When we complain about ‘Japanese style’, what we’re really doing is expressing our frustration at the lack of ‘edge’ in the game. We HATE HATE HATE cute, puffiness with no edge. Are there any adults that actually like Kirby?
When Nintendo used the ‘You’re now playing with POWER’ line, they obviously weren’t meaning hardware power. If you replace the word power with passion, it fits very well. “Now you’re playing with PASSION.” Those old school games really drew our passion and actually still do so today. That guy, The Angry Video Game Nerd, is selling his ‘passion’ for the games including the games that suck. In fact, I actually prefer a game that SUCKS ASS instead of a game that is merely boring. Superman 64 got more entertainment value for being so absurdly bad than being a mediocre forgettable game that bored everyone.

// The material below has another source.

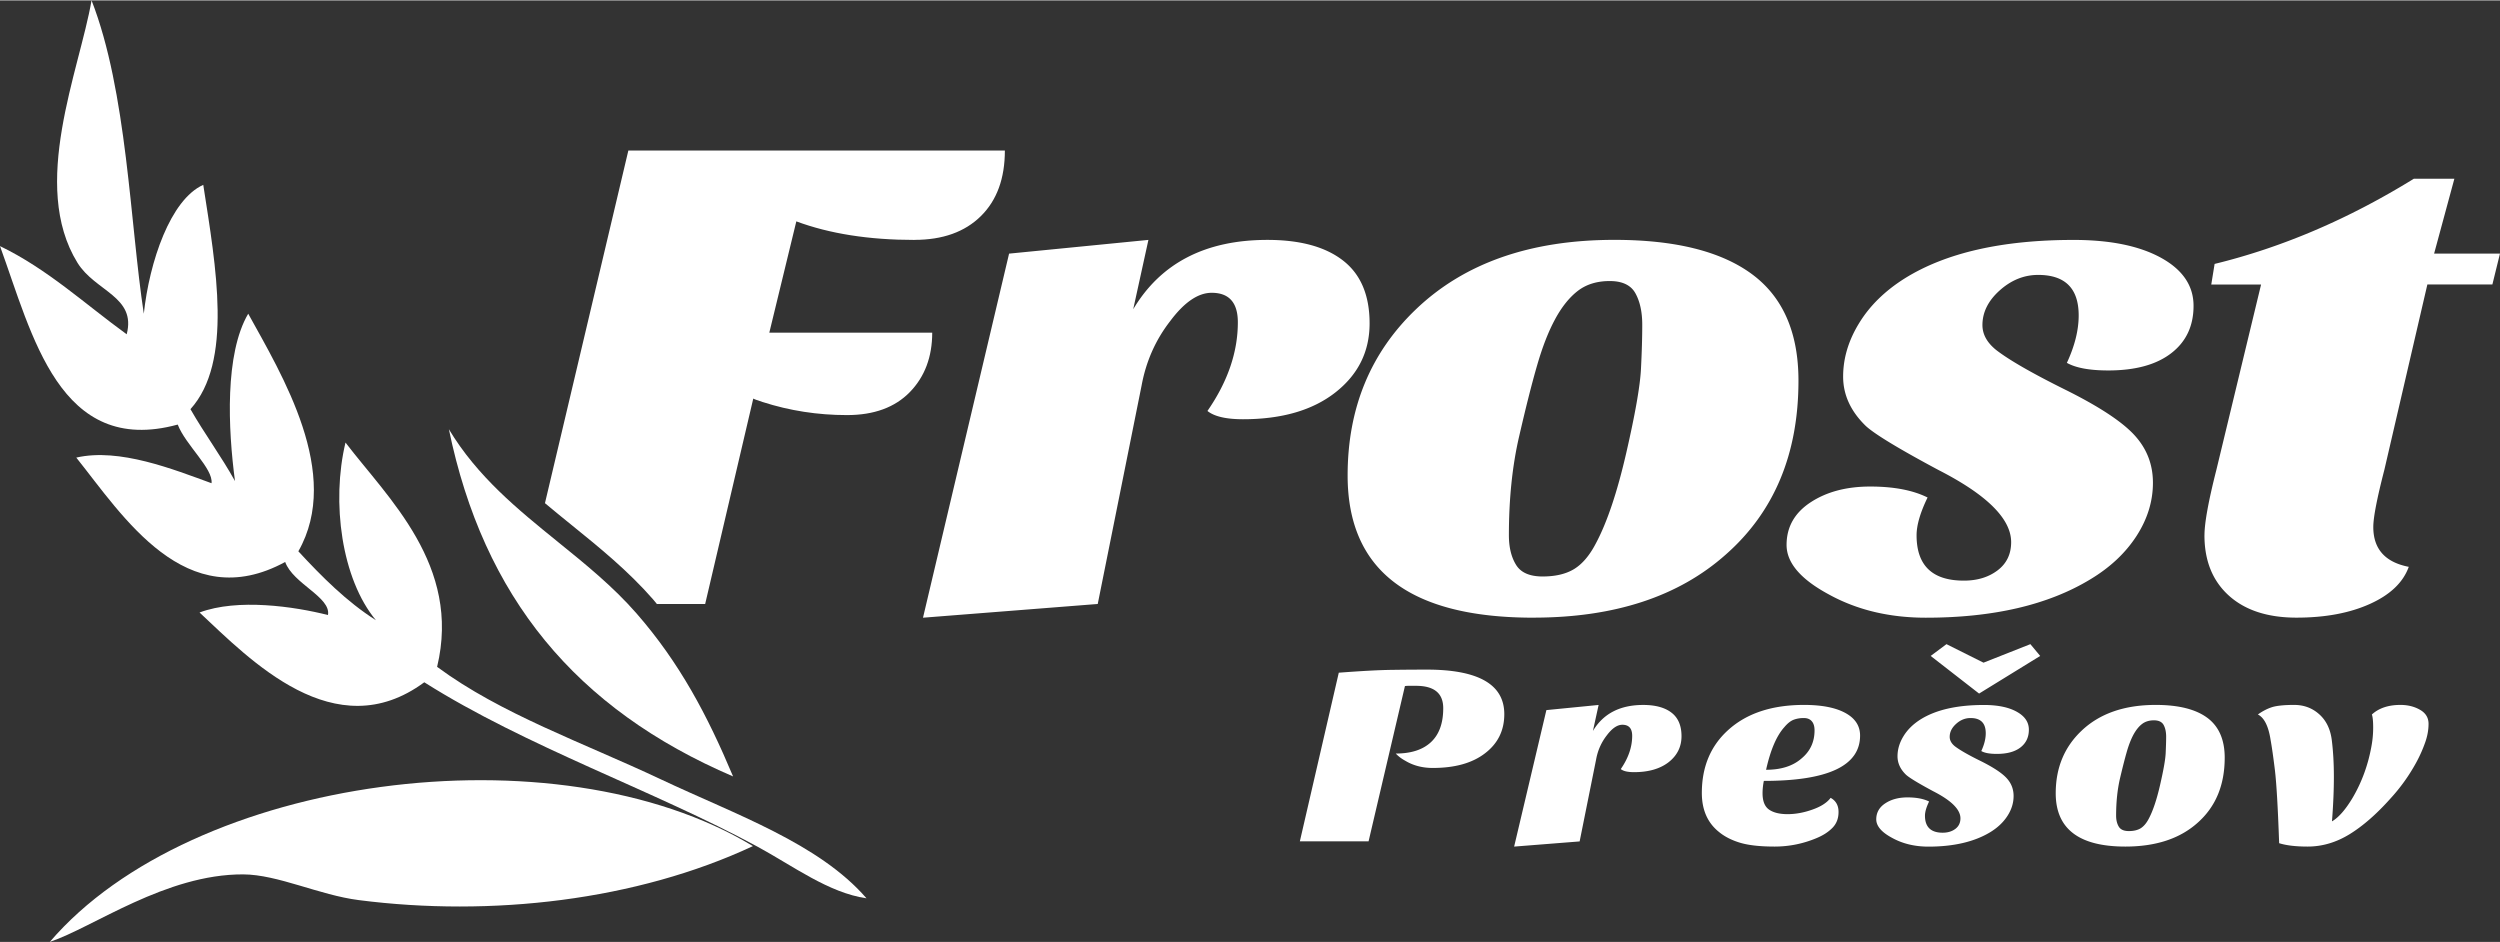 <?xml version="1.0"?>
<svg xmlns="http://www.w3.org/2000/svg" id="Vrstva_1" data-name="Vrstva 1" viewBox="0 0 777.44 292.79" width="130" height="49"><rect x="0" y="0" width="777.44" height="292.79" fill="#333333" stroke="none"/><defs><style>.cls-1,.cls-2{fill:#fff;stroke-width:0}.cls-2{fill-rule:evenodd}</style></defs><path d="M375.49 127.67c6.31-9.11 9.45-18.3 9.45-27.56 0-6.12-2.72-9.18-8.14-9.18-4.2 0-8.49 2.91-12.86 8.75-4.55 5.84-7.53 12.52-8.93 20.08l-13.64 67.94-54.34 4.27L313.8 78.75l43.33-4.27-4.73 21.57c8.56-14.38 22.49-21.57 41.74-21.57 10.16 0 17.99 2.13 23.5 6.41 5.51 4.27 8.27 10.79 8.27 19.55s-3.54 15.9-10.63 21.47c-7.09 5.56-16.67 8.34-28.75 8.34-5.25 0-8.93-.87-11.03-2.56ZM476.84 191.96c-38.51 0-57.76-14.73-57.76-44.22 0-20.92 7.09-38.16 21.27-51.7 15.05-14.38 35.61-21.57 61.7-21.57 18.9 0 33.16 3.56 42.79 10.68 9.62 7.12 14.44 18.15 14.44 33.11 0 22.78-7.53 40.79-22.58 54.05-14.7 13.09-34.65 19.64-59.85 19.64Zm6.82-92.92c-2.1 3.84-3.98 8.65-5.64 14.41-1.68 5.77-3.55 13.21-5.65 22.33-2.1 9.13-3.14 19.31-3.14 30.55 0 3.71.73 6.77 2.22 9.19 1.48 2.42 4.24 3.63 8.26 3.63s7.31-.78 9.86-2.35c2.53-1.57 4.76-4.21 6.69-7.91 3.5-6.54 6.65-15.91 9.45-28.09 2.8-12.18 4.33-20.91 4.59-26.18.27-5.26.4-9.85.4-13.77s-.7-7.16-2.1-9.72c-1.4-2.57-4.08-3.85-8.01-3.85s-7.21 1-9.84 2.99c-2.62 2-4.99 4.91-7.09 8.76ZM642.75 112.71c2.45-5.26 3.67-10.18 3.67-14.74 0-8.4-4.2-12.6-12.6-12.6-4.37 0-8.36 1.6-11.95 4.81-3.58 3.2-5.38 6.8-5.38 10.79 0 2.85 1.4 5.41 4.21 7.7 4.01 3.12 11.18 7.25 21.52 12.38 10.32 5.13 17.46 9.78 21.39 13.99 3.94 4.21 5.9 9.19 5.9 14.96s-1.7 11.28-5.1 16.55c-3.42 5.28-8.18 9.76-14.32 13.46-13.13 7.98-30.19 11.96-51.2 11.96-11.37 0-21.43-2.42-30.19-7.25-8.75-4.71-13.12-9.83-13.12-15.39s2.49-9.97 7.47-13.24c5-3.28 11.17-4.91 18.53-4.91s13.29 1.14 17.85 3.41c-2.28 4.69-3.42 8.61-3.42 11.75 0 9.41 4.9 14.1 14.7 14.1 4.21 0 7.69-1.07 10.5-3.2s4.21-5.06 4.21-8.76c0-7.26-7.53-14.74-22.58-22.43-12.25-6.55-19.78-11.11-22.58-13.67-4.72-4.56-7.09-9.69-7.09-15.39s1.66-11.24 4.99-16.65c3.32-5.42 8.05-10.04 14.17-13.89 12.78-7.97 30.28-11.96 52.52-11.96 11.38 0 20.43 1.85 27.17 5.55 6.74 3.71 10.12 8.69 10.12 14.95s-2.32 11.18-6.97 14.75c-4.63 3.56-11.15 5.34-19.56 5.34-5.78 0-10.06-.79-12.86-2.36ZM685.54 166.33c0-3.84 1.23-10.6 3.69-20.3l13.91-57.67h-15.49l1.04-6.41c21.01-5.13 41.66-13.96 61.96-26.49h12.6l-6.3 23.28h20.48l-2.36 9.61h-20.22l-13.38 57.67c-2.28 8.84-3.43 14.75-3.43 17.74 0 6.85 3.69 10.96 11.03 12.39-1.75 4.85-5.77 8.69-12.07 11.53-6.31 2.85-13.91 4.27-22.84 4.27s-15.94-2.27-21.01-6.83c-5.07-4.56-7.62-10.83-7.62-18.81ZM443.69 208.11c16.08 0 24.11 4.62 24.11 13.85 0 5.07-2 9.13-5.99 12.17-3.95 3.05-9.36 4.56-16.25 4.56-3.21 0-6.06-.73-8.56-2.24-1.18-.64-2.16-1.39-2.95-2.24 4.78 0 8.44-1.19 10.97-3.57 2.53-2.38 3.79-5.88 3.79-10.53s-2.82-6.96-8.47-6.96h-2.36c-.4 0-.75.03-1.08.08l-11.31 48.29h-21.37l12.11-52.45c7.02-.53 12.56-.84 16.63-.88 4.08-.06 7.66-.08 10.73-.08ZM504.03 239.03c2.36-3.43 3.54-6.86 3.54-10.33 0-2.3-1.03-3.44-3.06-3.44-1.57 0-3.18 1.1-4.82 3.28-1.71 2.19-2.83 4.69-3.34 7.53l-5.12 25.47-20.37 1.61 10.03-42.45 16.24-1.6-1.77 8.09c3.21-5.39 8.43-8.09 15.64-8.09 3.81 0 6.75.81 8.81 2.41 2.07 1.6 3.1 4.04 3.1 7.31s-1.33 5.97-3.98 8.06c-2.66 2.07-6.25 3.12-10.78 3.12-1.97 0-3.35-.32-4.13-.96ZM569.29 247.99c1.64.91 2.45 2.37 2.45 4.38s-.62 3.64-1.87 4.92c-1.24 1.28-2.88 2.35-4.92 3.2-4.2 1.77-8.56 2.65-13.09 2.65s-8.12-.4-10.77-1.2c-2.67-.81-4.88-1.95-6.65-3.44-3.47-2.83-5.21-6.84-5.21-12.03 0-8.06 2.69-14.54 8.07-19.46 5.77-5.29 13.68-7.92 23.72-7.92 6.23 0 10.89 1.07 13.97 3.2 2.3 1.6 3.45 3.72 3.45 6.34 0 9.39-9.97 14.09-29.93 14.09-.27 1.37-.4 2.67-.4 3.84 0 2.45.68 4.15 2.02 5.08 1.34.94 3.27 1.42 5.76 1.42s5.07-.47 7.73-1.42c2.65-.93 4.54-2.15 5.66-3.65Zm-20.08-8.73c4.66 0 8.34-1.17 11.02-3.52 2.7-2.24 4.05-5.15 4.05-8.73 0-1.22-.28-2.18-.85-2.83-.56-.67-1.39-1.01-2.51-1.01s-2.15.17-3.1.52c-.94.35-1.92 1.11-2.91 2.29-2.42 2.67-4.33 7.1-5.7 13.29ZM616.14 233.42c.92-1.98 1.38-3.82 1.38-5.53 0-3.14-1.57-4.72-4.72-4.72-1.65 0-3.14.59-4.48 1.8-1.34 1.2-2.01 2.56-2.01 4.04 0 1.08.52 2.04 1.56 2.9 1.52 1.17 4.2 2.73 8.08 4.63 3.87 1.93 6.54 3.69 8.01 5.26 1.48 1.58 2.22 3.44 2.22 5.61s-.64 4.24-1.92 6.21c-1.28 1.98-3.07 3.66-5.36 5.06-4.92 2.97-11.33 4.48-19.19 4.48-4.27 0-8.05-.91-11.32-2.73-3.29-1.75-4.92-3.69-4.92-5.76s.93-3.75 2.8-4.97c1.87-1.24 4.19-1.85 6.93-1.85s4.99.43 6.7 1.28c-.85 1.77-1.28 3.23-1.28 4.41 0 3.52 1.84 5.29 5.51 5.29 1.58 0 2.9-.4 3.95-1.2 1.04-.79 1.57-1.89 1.57-3.28 0-2.73-2.82-5.54-8.46-8.41-4.59-2.47-7.42-4.18-8.46-5.13-1.77-1.71-2.65-3.63-2.65-5.76s.62-4.22 1.87-6.25c1.24-2.03 3.01-3.76 5.31-5.21 4.79-2.99 11.35-4.48 19.69-4.48 4.27 0 7.66.69 10.19 2.09 2.52 1.39 3.79 3.25 3.79 5.59s-.88 4.19-2.62 5.53c-1.74 1.34-4.17 2-7.33 2-2.16 0-3.78-.27-4.82-.87Zm-15.75-29.56 4.92-3.67 11.52 5.76 14.57-5.76 3.05 3.67-19 11.7-15.05-11.7ZM660.92 263.14c-14.43 0-21.64-5.53-21.64-16.58 0-7.86 2.65-14.31 7.97-19.38 5.64-5.39 13.35-8.09 23.13-8.09 7.09 0 12.43 1.34 16.04 4.01 3.6 2.67 5.41 6.81 5.41 12.4 0 8.55-2.82 15.3-8.46 20.27-5.51 4.92-12.99 7.37-22.44 7.37Zm2.56-34.85c-.78 1.45-1.49 3.25-2.11 5.41-.62 2.16-1.33 4.95-2.13 8.36-.78 3.43-1.18 7.24-1.18 11.46 0 1.39.29 2.53.84 3.44.56.91 1.59 1.36 3.11 1.36s2.74-.29 3.69-.87c.94-.59 1.79-1.58 2.51-2.97 1.31-2.45 2.49-5.98 3.53-10.53 1.05-4.57 1.63-7.83 1.73-9.81.09-1.97.15-3.7.15-5.17s-.26-2.68-.78-3.64c-.53-.96-1.53-1.45-3.01-1.45s-2.7.38-3.69 1.13c-.99.75-1.86 1.84-2.66 3.28ZM737.61 222.06c2.16-1.98 5.12-2.97 8.87-2.97 2.29 0 4.33.5 6.09 1.52 1.77 1.01 2.65 2.47 2.65 4.36s-.35 3.86-1.08 5.88c-.72 2.04-1.63 4.1-2.76 6.17a56.305 56.305 0 0 1-7.97 11.14c-4.33 4.86-8.58 8.57-12.75 11.14-4.17 2.56-8.51 3.84-13.04 3.84-3.68 0-6.63-.35-8.86-1.05-.39-11.2-.84-18.82-1.33-22.83-.49-3.99-.93-7.09-1.33-9.29-.65-4.25-1.97-6.9-3.95-7.91 1.52-1.08 3.01-1.84 4.48-2.3 1.48-.44 3.75-.67 6.8-.67s5.66.98 7.82 2.93c2.16 1.94 3.47 4.63 3.89 8.09.43 3.44.64 7.24.64 11.41s-.2 8.75-.59 13.78c2.03-1.17 4.13-3.55 6.31-7.14 2.95-4.97 4.95-10.44 6-16.41.33-1.83.5-3.69.5-5.62s-.13-3.28-.4-4.07Z" class="cls-1"/><path d="M116.89 192.74c-10.66-12.81-13.9-36.68-9.45-55.24 13.15 17.26 36.07 38.2 28.49 69.75 19.84 14.69 45.39 23.56 69.62 35 23.21 10.96 49.09 19.87 63.91 36.98-11.81-1.72-22.72-10-33.95-16.09-31.94-17.34-71.95-31.09-103.57-51.09-27.82 20.54-54.22-7.05-69.89-21.7 11.85-4.45 29.51-1.86 39.94.79.99-5.56-10.84-9.69-13.31-16.5-30.94 16.84-50.43-14.27-64.96-32.46 13.4-3.09 30.29 3.69 42.06 7.97.58-4.53-8.08-11.9-10.51-18.24C18.45 141.94 10.03 103.93 0 76.41c14.8 7.14 26.47 18.05 39.4 27.42 3.06-11.75-9.78-13.29-15.31-22.24-14.88-24.13.59-59.74 4.38-81.6C39.53 28.34 40.43 69.4 44.72 97.43c1.74-16.15 8.27-35.5 18.49-40.07 3.99 25.7 9.25 55.06-3.98 69.76 4.4 7.7 9.52 14.56 13.85 22.36-2.18-16.27-3.21-39.59 4.11-52.05 10.47 19.01 29.32 49.8 15.59 73.89 7.36 7.95 14.96 15.6 24.1 21.42Z" class="cls-2"/><path d="M234.14 263c-36.23 16.94-81.4 22.08-122.55 16.79-12.34-1.57-25.17-7.95-35.97-8-24.06-.09-46.51 16.41-60.13 21 44.26-51.72 157.47-66.86 218.66-29.79Z" class="cls-2"/><path d="M284.4 74.47c8.75 0 15.63-2.46 20.61-7.37 4.99-4.91 7.48-11.71 7.48-20.4H195.4l-25.93 109.65c2.68 2.26 5.42 4.48 8.19 6.72 8.69 7.04 17.68 14.31 25.44 23.21.41.47.77.94 1.17 1.42h15.02l14.96-63.88c.18.15 1.14.5 2.89 1.07 8.41 2.71 17.16 4.07 26.25 4.07 8.41 0 14.92-2.39 19.56-7.16 4.63-4.77 6.95-10.93 6.95-18.48h-50.66l8.4-34.6c10.33 3.84 22.58 5.77 36.76 5.77Z" class="cls-1"/><path d="M173.42 168.33c-12.36-10.01-24.97-20.22-33.83-34.97 10.76 52.15 39.43 86.98 88.38 107.97-8.02-19.09-16.63-35.32-29.96-50.62-7.37-8.46-16.14-15.54-24.6-22.38Z" class="cls-2"/></svg>

When I play a NSMB game, I don’t feel any passion. Not compared to the earlier Mario games. I believe the reason why is because the developers, themselves, were passion-less when making the game. They didn’t want to make it, and that passion-less is communicated to the gamer. With something like Mega Man 2, which was made by Capcom employees in their spare time, that game draws out a ton of passion because it was made with passion. It’s like when you go to an orchestra, and you see musicians swaying and moving with the music, you get into it too. (Oh wait, who am I kidding? Gamers don’t go to orchestras. Disregard.) It’s like when you view a youtube commentator, and you get into it because he or she is really into it.
Why do we have so many game developers talking business models, speaking of franchises, and other business lingo? Their job isn’t to be business gurus. It’s like it is sucking the passion out of them. They are passionate about business models today, not games, passionate about making ‘franchises’, but not passionate about making a universe.
I even have the sense that Wii Sports and Wii Fit were passion projects. Hell, even the Wii itself. But the Wii U feels passion-less as if it were assembled to do nothing but ‘check those boxes’ of some corporate requirement list. Even passionate hatred is a good sign. The passionate hatred people had for Wii Sports was matched by the love people had for the game. Notice that people had passionate hatred for the little Wii, but there is no passionate hatred for the Wii U.
Even with games I dislike, such as Dark Souls, I am appreciative that people are so passionate about it. I want to see gamers passionate, not just hardcore gamer hype-drugged drones marching to manipulative marketing to buy the latest AAA game. The E3 2004 Twilight Princess trailer response is the response I want gamers to have to every game that comes out. Instead, it is like every game is boring these days, and we keep playing them zombie-like in hopes we stumble across something passionate.